Please refer your friends to this blog so they also can enjoy a free way of improving their investment knowledge. Now, back on topic: Basic Investment Strategies.

Reinvesting your interest

Reinvesting your interestFor this article, I’ll cover a tip that more people need to take advantage of in order to keep the cycle of their investment going. Namely: reinvesting the interest.

First of all, never draw from your portfolio for spending money unless it’s absolutely necessary. You should have a separate savings account for matters such as that, and it’s from here that you draw when you need to travel, or make repairs to your home, or things of that nature. Your portfolio is a long term investment, and drawing from it early is a blow that will strike you much later down the road, with a force magnified many times over.

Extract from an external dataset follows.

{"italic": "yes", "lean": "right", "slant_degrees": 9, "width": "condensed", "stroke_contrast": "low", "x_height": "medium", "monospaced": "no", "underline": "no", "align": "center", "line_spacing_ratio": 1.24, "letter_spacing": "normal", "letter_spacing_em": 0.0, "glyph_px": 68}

Moreover, because it’s a long term investment, avoid the trap of seeing the interest generated by your investments as “free money”. Sink it right back into your investments by buying more shares, so that the cycle can continue and that your payouts will grow larger and larger.

Check the balance of your portfolio

Checking the balance of your portfolioTry and keep a schedule going where you regularly check the cash balance of your portfolio, and when it hits a certain amount, spend some time looking around and buy new shares, either in new holdings or more in ones that you already have a stake in.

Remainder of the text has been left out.